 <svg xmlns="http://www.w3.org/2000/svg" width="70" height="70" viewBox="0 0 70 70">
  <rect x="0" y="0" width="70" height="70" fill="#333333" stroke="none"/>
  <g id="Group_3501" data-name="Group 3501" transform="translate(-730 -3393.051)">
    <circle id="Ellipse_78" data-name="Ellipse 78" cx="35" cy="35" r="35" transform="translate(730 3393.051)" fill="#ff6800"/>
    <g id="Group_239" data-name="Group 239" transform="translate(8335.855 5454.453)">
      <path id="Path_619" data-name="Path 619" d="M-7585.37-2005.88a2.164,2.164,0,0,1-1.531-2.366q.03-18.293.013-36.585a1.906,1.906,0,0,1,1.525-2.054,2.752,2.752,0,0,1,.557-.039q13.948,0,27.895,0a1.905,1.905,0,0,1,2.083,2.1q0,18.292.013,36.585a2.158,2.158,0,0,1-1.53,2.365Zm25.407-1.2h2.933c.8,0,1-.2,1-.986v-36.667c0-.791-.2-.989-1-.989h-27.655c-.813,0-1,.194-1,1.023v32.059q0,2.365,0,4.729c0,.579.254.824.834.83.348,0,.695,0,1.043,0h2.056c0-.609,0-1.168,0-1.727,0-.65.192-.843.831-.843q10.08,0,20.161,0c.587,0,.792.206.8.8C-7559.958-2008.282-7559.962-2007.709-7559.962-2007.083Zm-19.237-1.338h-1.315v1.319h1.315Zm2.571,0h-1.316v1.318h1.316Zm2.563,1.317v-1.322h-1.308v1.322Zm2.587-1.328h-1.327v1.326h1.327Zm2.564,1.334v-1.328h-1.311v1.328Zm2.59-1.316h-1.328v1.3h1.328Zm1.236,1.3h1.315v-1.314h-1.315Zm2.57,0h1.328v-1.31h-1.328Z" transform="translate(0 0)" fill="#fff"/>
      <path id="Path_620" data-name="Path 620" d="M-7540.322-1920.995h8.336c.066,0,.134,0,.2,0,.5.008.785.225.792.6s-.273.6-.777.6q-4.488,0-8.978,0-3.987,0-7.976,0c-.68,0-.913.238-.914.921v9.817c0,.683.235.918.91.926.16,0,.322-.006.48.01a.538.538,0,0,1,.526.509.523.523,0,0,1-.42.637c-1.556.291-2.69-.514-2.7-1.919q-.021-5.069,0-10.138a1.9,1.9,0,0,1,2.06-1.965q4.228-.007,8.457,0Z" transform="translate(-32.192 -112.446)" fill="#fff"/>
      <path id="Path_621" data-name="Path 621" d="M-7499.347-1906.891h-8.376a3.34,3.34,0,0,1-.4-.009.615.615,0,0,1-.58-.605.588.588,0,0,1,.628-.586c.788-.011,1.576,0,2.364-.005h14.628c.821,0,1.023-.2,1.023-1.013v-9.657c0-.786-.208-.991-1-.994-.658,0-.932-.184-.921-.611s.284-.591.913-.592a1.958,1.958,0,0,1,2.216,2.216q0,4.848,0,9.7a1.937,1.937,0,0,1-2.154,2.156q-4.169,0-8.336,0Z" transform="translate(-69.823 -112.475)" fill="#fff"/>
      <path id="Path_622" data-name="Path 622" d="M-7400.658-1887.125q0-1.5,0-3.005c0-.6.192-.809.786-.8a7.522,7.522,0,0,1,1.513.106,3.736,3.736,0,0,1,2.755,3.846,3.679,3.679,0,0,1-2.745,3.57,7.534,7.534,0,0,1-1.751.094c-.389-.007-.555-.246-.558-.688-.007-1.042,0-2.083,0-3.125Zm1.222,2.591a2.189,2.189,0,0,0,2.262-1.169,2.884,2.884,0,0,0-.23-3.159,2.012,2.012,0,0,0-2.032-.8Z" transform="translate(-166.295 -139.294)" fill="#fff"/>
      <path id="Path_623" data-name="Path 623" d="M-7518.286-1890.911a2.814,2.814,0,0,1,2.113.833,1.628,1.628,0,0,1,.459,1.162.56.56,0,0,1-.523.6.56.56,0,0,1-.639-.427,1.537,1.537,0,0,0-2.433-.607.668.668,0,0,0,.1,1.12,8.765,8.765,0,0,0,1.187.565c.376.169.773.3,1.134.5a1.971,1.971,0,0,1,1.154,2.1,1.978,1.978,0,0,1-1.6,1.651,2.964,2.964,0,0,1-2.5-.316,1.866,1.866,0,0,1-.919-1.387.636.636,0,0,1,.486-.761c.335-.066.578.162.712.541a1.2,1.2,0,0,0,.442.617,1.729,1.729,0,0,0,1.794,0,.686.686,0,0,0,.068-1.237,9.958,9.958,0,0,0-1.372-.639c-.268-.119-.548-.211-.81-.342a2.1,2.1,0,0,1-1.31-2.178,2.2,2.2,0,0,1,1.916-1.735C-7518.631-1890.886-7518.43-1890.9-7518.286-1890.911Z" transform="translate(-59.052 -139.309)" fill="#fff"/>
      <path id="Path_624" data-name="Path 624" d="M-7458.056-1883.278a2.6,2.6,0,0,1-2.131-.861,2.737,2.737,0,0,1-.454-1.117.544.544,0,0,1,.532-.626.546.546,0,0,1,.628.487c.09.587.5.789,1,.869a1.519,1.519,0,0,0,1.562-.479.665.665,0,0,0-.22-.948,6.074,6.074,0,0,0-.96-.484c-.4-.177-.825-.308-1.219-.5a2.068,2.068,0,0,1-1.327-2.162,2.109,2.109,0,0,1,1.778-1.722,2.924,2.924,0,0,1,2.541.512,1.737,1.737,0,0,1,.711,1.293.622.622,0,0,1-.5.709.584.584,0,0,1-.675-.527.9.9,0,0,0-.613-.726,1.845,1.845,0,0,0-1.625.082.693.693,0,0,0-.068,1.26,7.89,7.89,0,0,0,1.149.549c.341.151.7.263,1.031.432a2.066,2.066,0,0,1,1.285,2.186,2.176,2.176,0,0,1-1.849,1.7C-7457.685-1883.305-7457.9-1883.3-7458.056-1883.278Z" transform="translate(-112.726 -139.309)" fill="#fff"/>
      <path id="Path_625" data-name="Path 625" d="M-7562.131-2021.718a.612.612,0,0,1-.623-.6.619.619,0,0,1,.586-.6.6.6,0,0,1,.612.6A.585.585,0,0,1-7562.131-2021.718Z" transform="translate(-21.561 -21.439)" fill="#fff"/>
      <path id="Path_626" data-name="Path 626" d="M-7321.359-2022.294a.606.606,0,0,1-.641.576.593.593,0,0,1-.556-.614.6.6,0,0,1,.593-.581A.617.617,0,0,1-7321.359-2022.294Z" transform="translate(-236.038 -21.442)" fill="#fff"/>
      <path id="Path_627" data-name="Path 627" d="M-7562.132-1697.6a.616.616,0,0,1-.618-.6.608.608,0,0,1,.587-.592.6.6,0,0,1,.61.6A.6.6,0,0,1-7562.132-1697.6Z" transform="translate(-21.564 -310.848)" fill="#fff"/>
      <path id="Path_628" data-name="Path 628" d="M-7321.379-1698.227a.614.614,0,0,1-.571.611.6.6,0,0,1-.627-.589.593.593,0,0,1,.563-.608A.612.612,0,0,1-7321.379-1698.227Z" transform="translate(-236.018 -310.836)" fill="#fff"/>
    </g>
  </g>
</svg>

..............................

» Task description:
Copy out the records once more, with nothing altered.

» Your solution:
 <svg xmlns="http://www.w3.org/2000/svg" width="70" height="70" viewBox="0 0 70 70">
  <rect x="0" y="0" width="70" height="70" fill="#333333" stroke="none"/>
  <g id="Group_3501" data-name="Group 3501" transform="translate(-730 -3393.051)">
    <circle id="Ellipse_78" data-name="Ellipse 78" cx="35" cy="35" r="35" transform="translate(730 3393.051)" fill="#ff6800"/>
    <g id="Group_239" data-name="Group 239" transform="translate(8335.855 5454.453)">
      <path id="Path_619" data-name="Path 619" d="M-7585.37-2005.88a2.164,2.164,0,0,1-1.531-2.366q.03-18.293.013-36.585a1.906,1.906,0,0,1,1.525-2.054,2.752,2.752,0,0,1,.557-.039q13.948,0,27.895,0a1.905,1.905,0,0,1,2.083,2.1q0,18.292.013,36.585a2.158,2.158,0,0,1-1.53,2.365Zm25.407-1.2h2.933c.8,0,1-.2,1-.986v-36.667c0-.791-.2-.989-1-.989h-27.655c-.813,0-1,.194-1,1.023v32.059q0,2.365,0,4.729c0,.579.254.824.834.83.348,0,.695,0,1.043,0h2.056c0-.609,0-1.168,0-1.727,0-.65.192-.843.831-.843q10.08,0,20.161,0c.587,0,.792.206.8.8C-7559.958-2008.282-7559.962-2007.709-7559.962-2007.083Zm-19.237-1.338h-1.315v1.319h1.315Zm2.571,0h-1.316v1.318h1.316Zm2.563,1.317v-1.322h-1.308v1.322Zm2.587-1.328h-1.327v1.326h1.327Zm2.564,1.334v-1.328h-1.311v1.328Zm2.59-1.316h-1.328v1.3h1.328Zm1.236,1.3h1.315v-1.314h-1.315Zm2.57,0h1.328v-1.31h-1.328Z" transform="translate(0 0)" fill="#fff"/>
      <path id="Path_620" data-name="Path 620" d="M-7540.322-1920.995h8.336c.066,0,.134,0,.2,0,.5.008.785.225.792.6s-.273.6-.777.6q-4.488,0-8.978,0-3.987,0-7.976,0c-.68,0-.913.238-.914.921v9.817c0,.683.235.918.91.926.16,0,.322-.006.48.01a.538.538,0,0,1,.526.509.523.523,0,0,1-.42.637c-1.556.291-2.69-.514-2.7-1.919q-.021-5.069,0-10.138a1.9,1.9,0,0,1,2.06-1.965q4.228-.007,8.457,0Z" transform="translate(-32.192 -112.446)" fill="#fff"/>
      <path id="Path_621" data-name="Path 621" d="M-7499.347-1906.891h-8.376a3.34,3.34,0,0,1-.4-.009.615.615,0,0,1-.58-.605.588.588,0,0,1,.628-.586c.788-.011,1.576,0,2.364-.005h14.628c.821,0,1.023-.2,1.023-1.013v-9.657c0-.786-.208-.991-1-.994-.658,0-.932-.184-.921-.611s.284-.591.913-.592a1.958,1.958,0,0,1,2.216,2.216q0,4.848,0,9.7a1.937,1.937,0,0,1-2.154,2.156q-4.169,0-8.336,0Z" transform="translate(-69.823 -112.475)" fill="#fff"/>
      <path id="Path_622" data-name="Path 622" d="M-7400.658-1887.125q0-1.5,0-3.005c0-.6.192-.809.786-.8a7.522,7.522,0,0,1,1.513.106,3.736,3.736,0,0,1,2.755,3.846,3.679,3.679,0,0,1-2.745,3.57,7.534,7.534,0,0,1-1.751.094c-.389-.007-.555-.246-.558-.688-.007-1.042,0-2.083,0-3.125Zm1.222,2.591a2.189,2.189,0,0,0,2.262-1.169,2.884,2.884,0,0,0-.23-3.159,2.012,2.012,0,0,0-2.032-.8Z" transform="translate(-166.295 -139.294)" fill="#fff"/>
      <path id="Path_623" data-name="Path 623" d="M-7518.286-1890.911a2.814,2.814,0,0,1,2.113.833,1.628,1.628,0,0,1,.459,1.162.56.56,0,0,1-.523.6.56.56,0,0,1-.639-.427,1.537,1.537,0,0,0-2.433-.607.668.668,0,0,0,.1,1.12,8.765,8.765,0,0,0,1.187.565c.376.169.773.3,1.134.5a1.971,1.971,0,0,1,1.154,2.1,1.978,1.978,0,0,1-1.6,1.651,2.964,2.964,0,0,1-2.5-.316,1.866,1.866,0,0,1-.919-1.387.636.636,0,0,1,.486-.761c.335-.066.578.162.712.541a1.2,1.2,0,0,0,.442.617,1.729,1.729,0,0,0,1.794,0,.686.686,0,0,0,.068-1.237,9.958,9.958,0,0,0-1.372-.639c-.268-.119-.548-.211-.81-.342a2.1,2.1,0,0,1-1.31-2.178,2.2,2.2,0,0,1,1.916-1.735C-7518.631-1890.886-7518.43-1890.9-7518.286-1890.911Z" transform="translate(-59.052 -139.309)" fill="#fff"/>
      <path id="Path_624" data-name="Path 624" d="M-7458.056-1883.278a2.6,2.6,0,0,1-2.131-.861,2.737,2.737,0,0,1-.454-1.117.544.544,0,0,1,.532-.626.546.546,0,0,1,.628.487c.09.587.5.789,1,.869a1.519,1.519,0,0,0,1.562-.479.665.665,0,0,0-.22-.948,6.074,6.074,0,0,0-.96-.484c-.4-.177-.825-.308-1.219-.5a2.068,2.068,0,0,1-1.327-2.162,2.109,2.109,0,0,1,1.778-1.722,2.924,2.924,0,0,1,2.541.512,1.737,1.737,0,0,1,.711,1.293.622.622,0,0,1-.5.709.584.584,0,0,1-.675-.527.9.9,0,0,0-.613-.726,1.845,1.845,0,0,0-1.625.082.693.693,0,0,0-.068,1.26,7.89,7.89,0,0,0,1.149.549c.341.151.7.263,1.031.432a2.066,2.066,0,0,1,1.285,2.186,2.176,2.176,0,0,1-1.849,1.7C-7457.685-1883.305-7457.9-1883.3-7458.056-1883.278Z" transform="translate(-112.726 -139.309)" fill="#fff"/>
      <path id="Path_625" data-name="Path 625" d="M-7562.131-2021.718a.612.612,0,0,1-.623-.6.619.619,0,0,1,.586-.6.6.6,0,0,1,.612.6A.585.585,0,0,1-7562.131-2021.718Z" transform="translate(-21.561 -21.439)" fill="#fff"/>
      <path id="Path_626" data-name="Path 626" d="M-7321.359-2022.294a.606.606,0,0,1-.641.576.593.593,0,0,1-.556-.614.6.6,0,0,1,.593-.581A.617.617,0,0,1-7321.359-2022.294Z" transform="translate(-236.038 -21.442)" fill="#fff"/>
      <path id="Path_627" data-name="Path 627" d="M-7562.132-1697.6a.616.616,0,0,1-.618-.6.608.608,0,0,1,.587-.592.6.6,0,0,1,.61.6A.6.6,0,0,1-7562.132-1697.6Z" transform="translate(-21.564 -310.848)" fill="#fff"/>
      <path id="Path_628" data-name="Path 628" d="M-7321.379-1698.227a.614.614,0,0,1-.571.611.6.6,0,0,1-.627-.589.593.593,0,0,1,.563-.608A.612.612,0,0,1-7321.379-1698.227Z" transform="translate(-236.018 -310.836)" fill="#fff"/>
    </g>
  </g>
</svg>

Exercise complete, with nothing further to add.